REQUIREMENT
Print the records below exactly, from the line containing "ရှာခဲ့ပါတယ်။" down to the line containing "b = 3 - \sqrt", both lines included, and omit every picture.

EXTRACTED INFORMATION
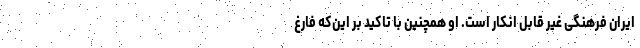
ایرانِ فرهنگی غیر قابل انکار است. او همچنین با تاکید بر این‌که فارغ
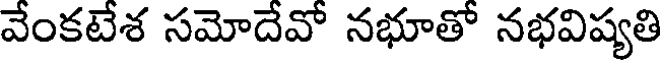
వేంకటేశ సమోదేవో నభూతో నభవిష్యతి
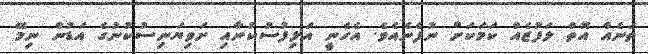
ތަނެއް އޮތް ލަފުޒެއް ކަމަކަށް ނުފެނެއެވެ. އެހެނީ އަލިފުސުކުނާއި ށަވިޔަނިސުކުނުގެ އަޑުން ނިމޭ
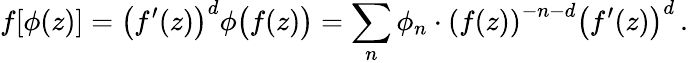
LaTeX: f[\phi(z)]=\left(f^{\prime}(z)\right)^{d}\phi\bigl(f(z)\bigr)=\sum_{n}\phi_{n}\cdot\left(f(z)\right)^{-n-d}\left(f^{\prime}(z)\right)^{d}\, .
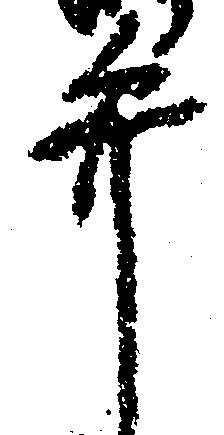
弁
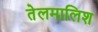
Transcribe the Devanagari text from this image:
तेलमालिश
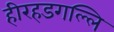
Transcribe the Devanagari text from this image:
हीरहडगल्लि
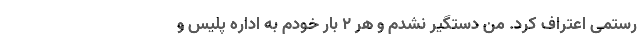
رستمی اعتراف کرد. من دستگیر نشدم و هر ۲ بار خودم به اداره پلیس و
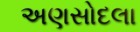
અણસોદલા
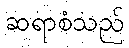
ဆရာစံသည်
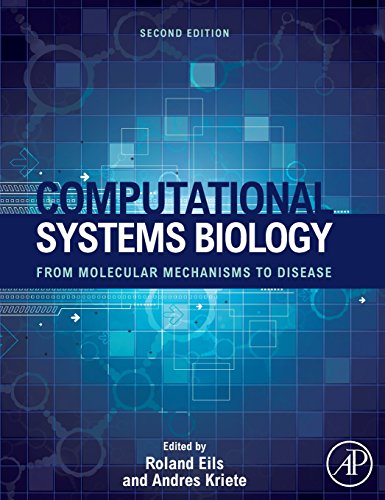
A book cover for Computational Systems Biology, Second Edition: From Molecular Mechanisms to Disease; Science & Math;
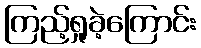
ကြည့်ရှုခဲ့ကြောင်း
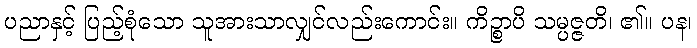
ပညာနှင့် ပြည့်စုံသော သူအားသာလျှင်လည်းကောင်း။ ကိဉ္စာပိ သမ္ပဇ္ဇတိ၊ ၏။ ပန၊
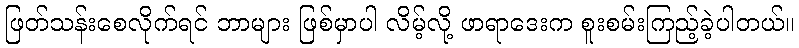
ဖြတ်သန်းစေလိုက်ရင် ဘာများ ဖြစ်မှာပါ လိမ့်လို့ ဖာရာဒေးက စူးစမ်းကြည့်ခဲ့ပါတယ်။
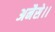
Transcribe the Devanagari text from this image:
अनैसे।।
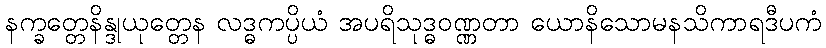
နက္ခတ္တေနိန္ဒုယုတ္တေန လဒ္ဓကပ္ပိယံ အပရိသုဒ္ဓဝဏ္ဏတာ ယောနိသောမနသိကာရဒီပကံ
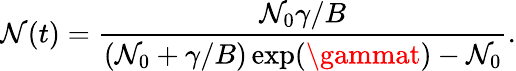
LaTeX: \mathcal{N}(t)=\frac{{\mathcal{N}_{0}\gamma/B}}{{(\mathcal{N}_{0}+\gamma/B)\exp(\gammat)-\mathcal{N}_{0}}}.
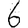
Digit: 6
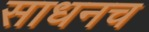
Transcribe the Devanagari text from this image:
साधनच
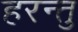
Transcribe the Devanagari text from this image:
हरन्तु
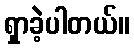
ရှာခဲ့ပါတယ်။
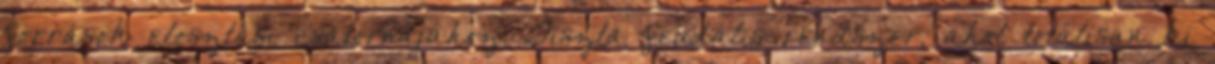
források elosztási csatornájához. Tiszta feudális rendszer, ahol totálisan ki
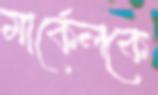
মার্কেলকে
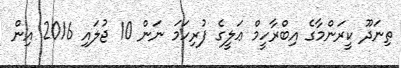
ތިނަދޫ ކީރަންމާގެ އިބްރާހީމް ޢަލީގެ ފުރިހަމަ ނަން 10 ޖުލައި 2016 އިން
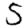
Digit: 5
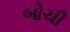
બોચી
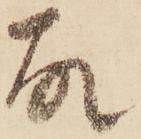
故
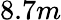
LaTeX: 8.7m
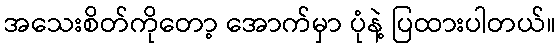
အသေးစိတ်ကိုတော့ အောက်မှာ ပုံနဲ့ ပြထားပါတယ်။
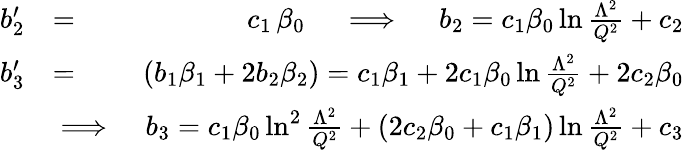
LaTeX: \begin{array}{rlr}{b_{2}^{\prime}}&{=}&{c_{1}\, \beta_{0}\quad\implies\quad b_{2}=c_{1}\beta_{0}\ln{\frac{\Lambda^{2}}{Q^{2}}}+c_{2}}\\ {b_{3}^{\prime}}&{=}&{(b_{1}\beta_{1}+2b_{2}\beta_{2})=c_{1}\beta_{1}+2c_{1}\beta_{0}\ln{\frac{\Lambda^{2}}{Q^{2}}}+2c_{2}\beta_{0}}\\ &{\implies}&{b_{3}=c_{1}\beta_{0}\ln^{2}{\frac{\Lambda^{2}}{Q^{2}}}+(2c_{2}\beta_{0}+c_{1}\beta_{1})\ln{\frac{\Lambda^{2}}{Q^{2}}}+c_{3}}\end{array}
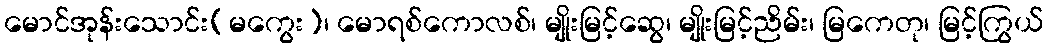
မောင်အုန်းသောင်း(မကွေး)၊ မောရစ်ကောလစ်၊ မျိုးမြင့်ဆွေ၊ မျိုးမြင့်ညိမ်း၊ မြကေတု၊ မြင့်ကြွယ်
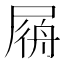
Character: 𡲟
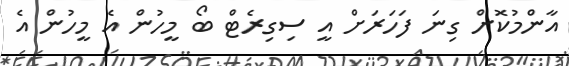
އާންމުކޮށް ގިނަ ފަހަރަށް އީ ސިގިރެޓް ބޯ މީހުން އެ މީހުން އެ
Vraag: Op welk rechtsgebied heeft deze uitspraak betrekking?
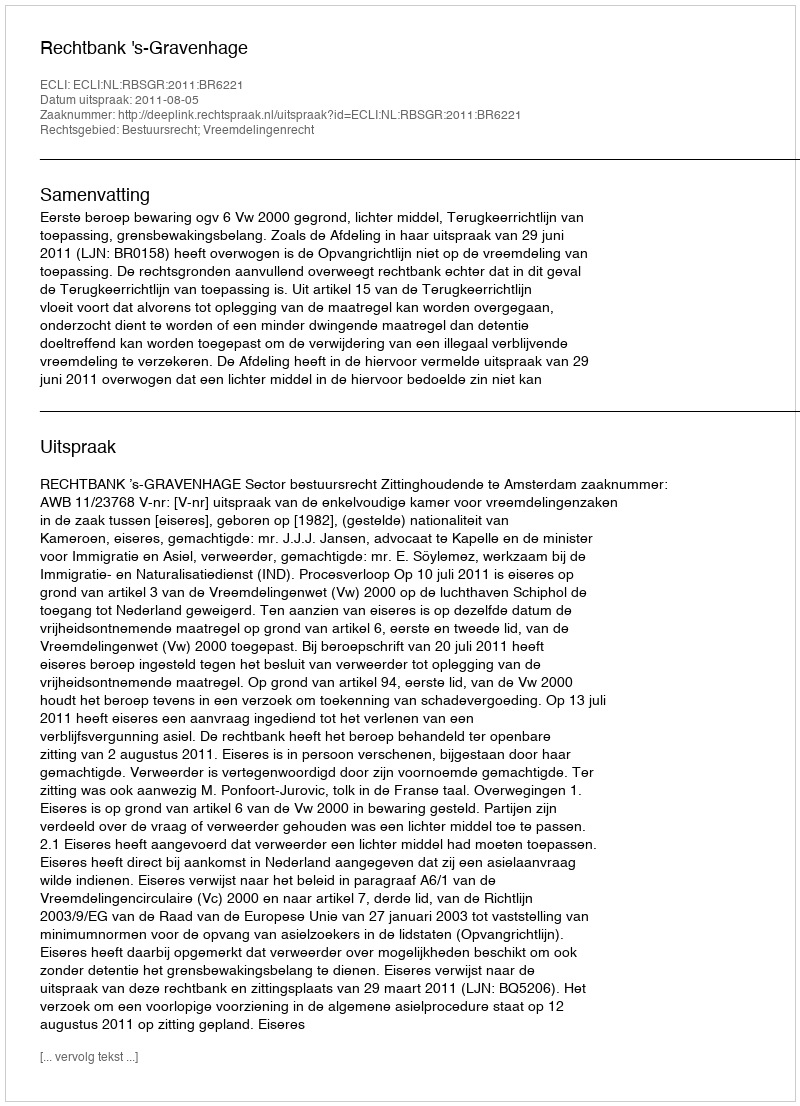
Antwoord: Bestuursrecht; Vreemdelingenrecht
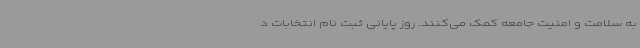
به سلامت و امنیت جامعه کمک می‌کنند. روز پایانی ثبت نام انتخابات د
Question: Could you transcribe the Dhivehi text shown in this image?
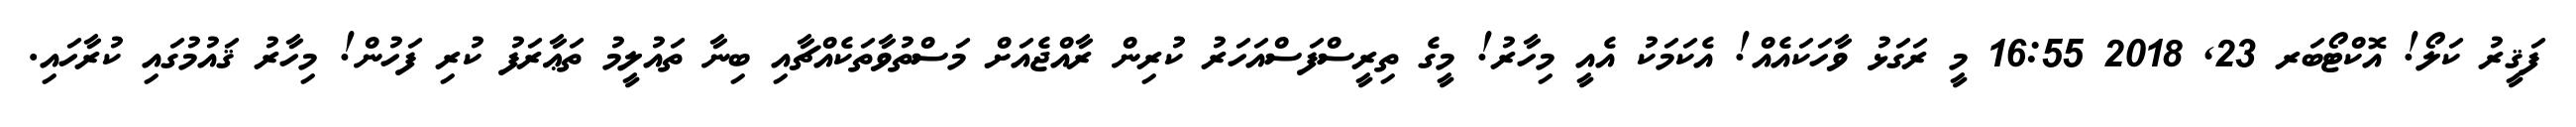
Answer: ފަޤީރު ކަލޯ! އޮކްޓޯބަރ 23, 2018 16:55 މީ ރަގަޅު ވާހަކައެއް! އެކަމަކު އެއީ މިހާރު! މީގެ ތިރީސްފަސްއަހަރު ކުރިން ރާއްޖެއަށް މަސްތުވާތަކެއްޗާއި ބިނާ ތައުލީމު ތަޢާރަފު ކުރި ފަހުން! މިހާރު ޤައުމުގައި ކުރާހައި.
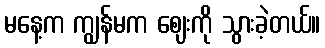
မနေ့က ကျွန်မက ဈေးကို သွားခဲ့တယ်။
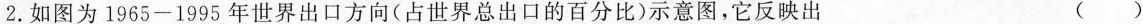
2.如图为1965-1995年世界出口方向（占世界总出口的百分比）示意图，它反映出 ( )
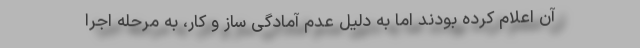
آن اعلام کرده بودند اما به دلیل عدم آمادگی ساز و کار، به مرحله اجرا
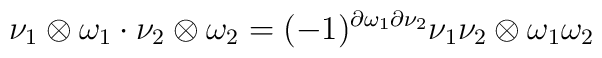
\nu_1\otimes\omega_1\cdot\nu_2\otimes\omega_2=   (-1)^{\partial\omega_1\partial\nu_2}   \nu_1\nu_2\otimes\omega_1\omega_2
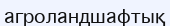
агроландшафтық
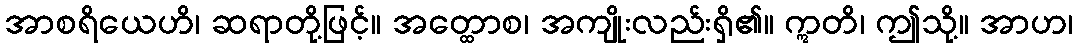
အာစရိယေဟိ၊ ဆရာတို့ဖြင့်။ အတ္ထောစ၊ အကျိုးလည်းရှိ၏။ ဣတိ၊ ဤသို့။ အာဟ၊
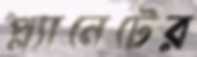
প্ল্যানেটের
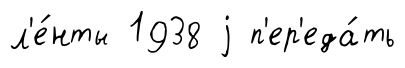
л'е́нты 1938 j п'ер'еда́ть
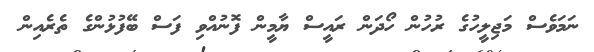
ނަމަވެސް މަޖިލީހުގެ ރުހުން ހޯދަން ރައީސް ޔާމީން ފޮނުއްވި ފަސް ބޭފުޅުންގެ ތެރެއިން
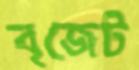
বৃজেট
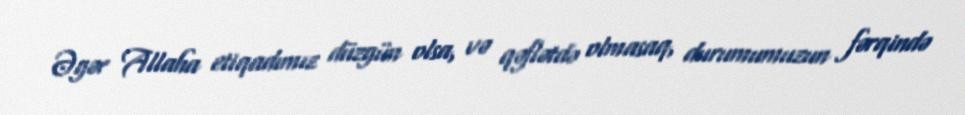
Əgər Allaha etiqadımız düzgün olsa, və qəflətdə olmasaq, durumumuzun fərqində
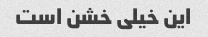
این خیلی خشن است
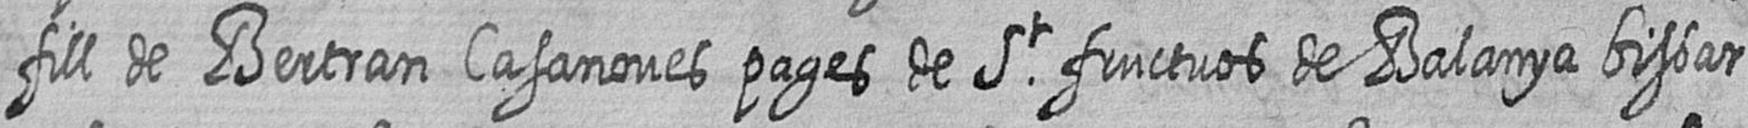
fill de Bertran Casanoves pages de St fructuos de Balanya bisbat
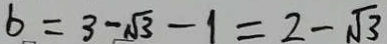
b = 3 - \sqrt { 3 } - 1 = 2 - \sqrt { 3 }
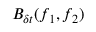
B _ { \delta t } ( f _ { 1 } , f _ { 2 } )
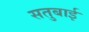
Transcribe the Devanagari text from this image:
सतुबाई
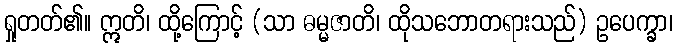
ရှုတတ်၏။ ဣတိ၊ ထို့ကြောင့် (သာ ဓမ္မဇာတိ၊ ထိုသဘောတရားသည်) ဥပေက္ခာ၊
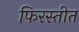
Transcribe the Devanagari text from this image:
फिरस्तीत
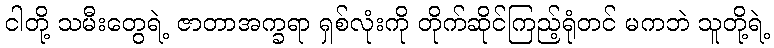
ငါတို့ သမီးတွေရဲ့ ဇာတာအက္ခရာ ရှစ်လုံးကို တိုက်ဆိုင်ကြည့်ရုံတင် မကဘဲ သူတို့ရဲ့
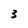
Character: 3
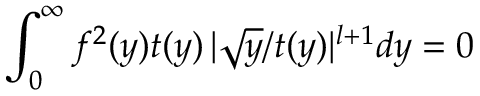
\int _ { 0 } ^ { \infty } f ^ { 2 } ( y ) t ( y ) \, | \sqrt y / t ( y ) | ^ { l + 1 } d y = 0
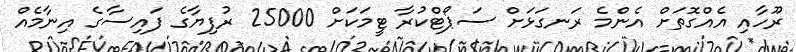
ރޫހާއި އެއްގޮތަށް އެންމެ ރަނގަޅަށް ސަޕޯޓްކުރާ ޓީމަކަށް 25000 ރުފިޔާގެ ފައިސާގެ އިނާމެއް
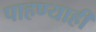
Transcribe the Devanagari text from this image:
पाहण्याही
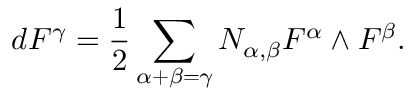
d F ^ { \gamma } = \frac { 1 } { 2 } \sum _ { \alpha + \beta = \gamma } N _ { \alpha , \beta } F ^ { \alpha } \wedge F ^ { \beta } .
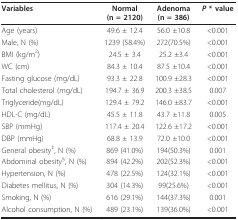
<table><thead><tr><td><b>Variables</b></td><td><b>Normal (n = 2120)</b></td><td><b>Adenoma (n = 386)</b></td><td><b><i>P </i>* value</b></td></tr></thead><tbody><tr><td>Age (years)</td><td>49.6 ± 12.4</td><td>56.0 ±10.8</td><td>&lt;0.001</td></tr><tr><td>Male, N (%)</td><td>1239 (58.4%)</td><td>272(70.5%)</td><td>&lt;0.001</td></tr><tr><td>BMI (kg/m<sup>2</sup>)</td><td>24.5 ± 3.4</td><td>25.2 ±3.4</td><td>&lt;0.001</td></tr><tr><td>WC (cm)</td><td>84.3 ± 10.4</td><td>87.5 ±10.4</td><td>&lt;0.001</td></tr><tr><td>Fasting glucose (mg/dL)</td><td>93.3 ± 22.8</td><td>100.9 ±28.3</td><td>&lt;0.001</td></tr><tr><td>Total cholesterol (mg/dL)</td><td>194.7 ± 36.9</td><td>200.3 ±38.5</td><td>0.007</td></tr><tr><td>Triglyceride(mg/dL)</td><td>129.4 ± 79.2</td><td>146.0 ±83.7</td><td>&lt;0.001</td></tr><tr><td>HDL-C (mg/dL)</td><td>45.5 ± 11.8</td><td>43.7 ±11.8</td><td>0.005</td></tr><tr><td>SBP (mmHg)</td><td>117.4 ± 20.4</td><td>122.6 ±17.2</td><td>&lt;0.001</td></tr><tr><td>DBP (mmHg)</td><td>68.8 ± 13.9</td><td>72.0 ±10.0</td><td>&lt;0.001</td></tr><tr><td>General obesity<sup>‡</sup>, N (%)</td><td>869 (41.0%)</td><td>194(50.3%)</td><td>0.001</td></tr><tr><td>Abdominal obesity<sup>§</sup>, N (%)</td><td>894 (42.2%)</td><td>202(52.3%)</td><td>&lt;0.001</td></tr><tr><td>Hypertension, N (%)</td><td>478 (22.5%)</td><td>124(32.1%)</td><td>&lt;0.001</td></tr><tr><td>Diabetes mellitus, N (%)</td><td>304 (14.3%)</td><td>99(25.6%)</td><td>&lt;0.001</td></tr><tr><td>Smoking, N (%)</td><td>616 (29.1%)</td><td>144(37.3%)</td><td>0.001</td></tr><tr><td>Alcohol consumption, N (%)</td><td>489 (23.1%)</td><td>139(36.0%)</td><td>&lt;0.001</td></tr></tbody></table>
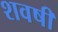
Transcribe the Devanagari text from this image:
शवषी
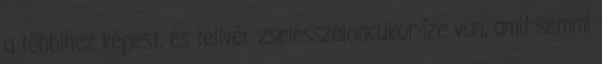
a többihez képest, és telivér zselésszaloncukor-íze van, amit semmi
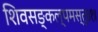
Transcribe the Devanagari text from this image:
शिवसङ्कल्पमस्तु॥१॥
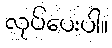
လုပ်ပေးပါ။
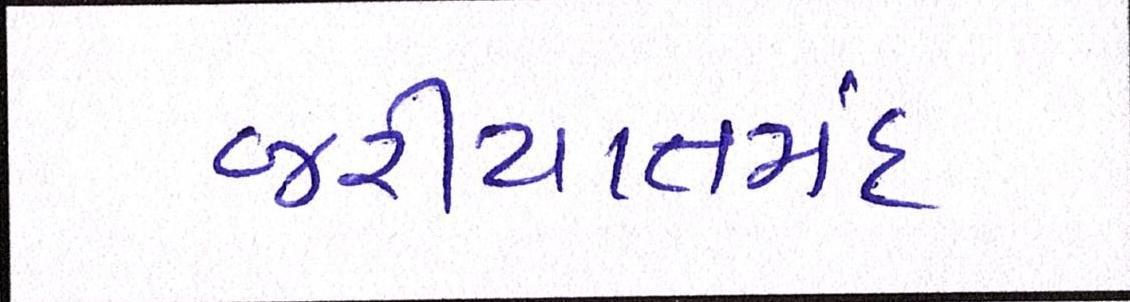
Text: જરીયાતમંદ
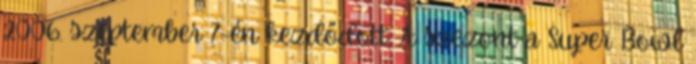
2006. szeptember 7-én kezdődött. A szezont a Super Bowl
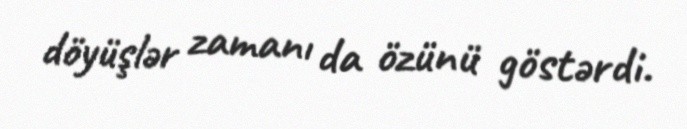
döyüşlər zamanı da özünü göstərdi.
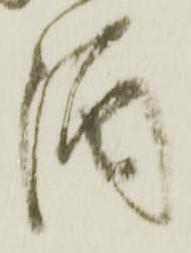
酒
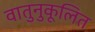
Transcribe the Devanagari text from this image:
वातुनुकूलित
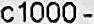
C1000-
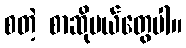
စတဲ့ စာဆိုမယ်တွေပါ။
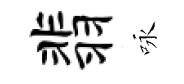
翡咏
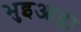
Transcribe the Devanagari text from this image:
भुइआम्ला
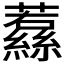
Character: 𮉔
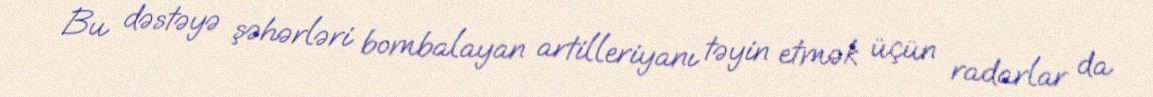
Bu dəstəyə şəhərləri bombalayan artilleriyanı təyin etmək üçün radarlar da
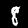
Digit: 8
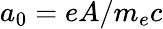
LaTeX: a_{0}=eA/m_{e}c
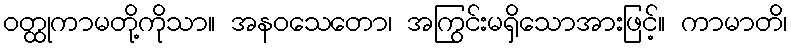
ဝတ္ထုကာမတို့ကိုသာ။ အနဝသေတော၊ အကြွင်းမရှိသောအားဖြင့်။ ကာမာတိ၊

SOLUTION TO THIS TASK
ရှာခဲ့ပါတယ်။
források elosztási csatornájához. Tiszta feudális rendszer, ahol totálisan ki
মার্কেলকে
ތިނަދޫ ކީރަންމާގެ އިބްރާހީމް ޢަލީގެ ފުރިހަމަ ނަން 10 ޖުލައި 2016 އިން
Digit: 5
બોચી
故
LaTeX: 8.7m
အသေးစိတ်ကိုတော့ အောက်မှာ ပုံနဲ့ ပြထားပါတယ်။
LaTeX: \begin{array}{rlr}{b_{2}^{\prime}}&{=}&{c_{1}\, \beta_{0}\quad\implies\quad b_{2}=c_{1}\beta_{0}\ln{\frac{\Lambda^{2}}{Q^{2}}}+c_{2}}\\ {b_{3}^{\prime}}&{=}&{(b_{1}\beta_{1}+2b_{2}\beta_{2})=c_{1}\beta_{1}+2c_{1}\beta_{0}\ln{\frac{\Lambda^{2}}{Q^{2}}}+2c_{2}\beta_{0}}\\ &{\implies}&{b_{3}=c_{1}\beta_{0}\ln^{2}{\frac{\Lambda^{2}}{Q^{2}}}+(2c_{2}\beta_{0}+c_{1}\beta_{1})\ln{\frac{\Lambda^{2}}{Q^{2}}}+c_{3}}\end{array}
မောင်အုန်းသောင်း(မကွေး)၊ မောရစ်ကောလစ်၊ မျိုးမြင့်ဆွေ၊ မျိုးမြင့်ညိမ်း၊ မြကေတု၊ မြင့်ကြွယ်
Character: 𡲟
އާންމުކޮށް ގިނަ ފަހަރަށް އީ ސިގިރެޓް ބޯ މީހުން އެ މީހުން އެ
Vraag: Op welk rechtsgebied heeft deze uitspraak betrekking?
Antwoord: Bestuursrecht; Vreemdelingenrecht
به سلامت و امنیت جامعه کمک می‌کنند. روز پایانی ثبت نام انتخابات د
Question: Could you transcribe the Dhivehi text shown in this image?
Answer: ފަޤީރު ކަލޯ! އޮކްޓޯބަރ 23, 2018 16:55 މީ ރަގަޅު ވާހަކައެއް! އެކަމަކު އެއީ މިހާރު! މީގެ ތިރީސްފަސްއަހަރު ކުރިން ރާއްޖެއަށް މަސްތުވާތަކެއްޗާއި ބިނާ ތައުލީމު ތަޢާރަފު ކުރި ފަހުން! މިހާރު ޤައުމުގައި ކުރާހައި.
မနေ့က ကျွန်မက ဈေးကို သွားခဲ့တယ်။
2.如图为1965-1995年世界出口方向（占世界总出口的百分比）示意图，它反映出 ( )
آن اعلام کرده بودند اما به دلیل عدم آمادگی ساز و کار، به مرحله اجرا
\nu_1\otimes\omega_1\cdot\nu_2\otimes\omega_2=   (-1)^{\partial\omega_1\partial\nu_2}   \nu_1\nu_2\otimes\omega_1\omega_2
агроландшафтық
အာစရိယေဟိ၊ ဆရာတို့ဖြင့်။ အတ္ထောစ၊ အကျိုးလည်းရှိ၏။ ဣတိ၊ ဤသို့။ အာဟ၊
প্ল্যানেটের
л'е́нты 1938 j п'ер'еда́ть
ނަމަވެސް މަޖިލީހުގެ ރުހުން ހޯދަން ރައީސް ޔާމީން ފޮނުއްވި ފަސް ބޭފުޅުންގެ ތެރެއިން
বৃজেট
Əgər Allaha etiqadımız düzgün olsa, və qəflətdə olmasaq, durumumuzun fərqində
این خیلی خشن است
fill de Bertran Casanoves pages de St fructuos de Balanya bisbat
b = 3 - \sqrt { 3 } - 1 = 2 - \sqrt { 3 }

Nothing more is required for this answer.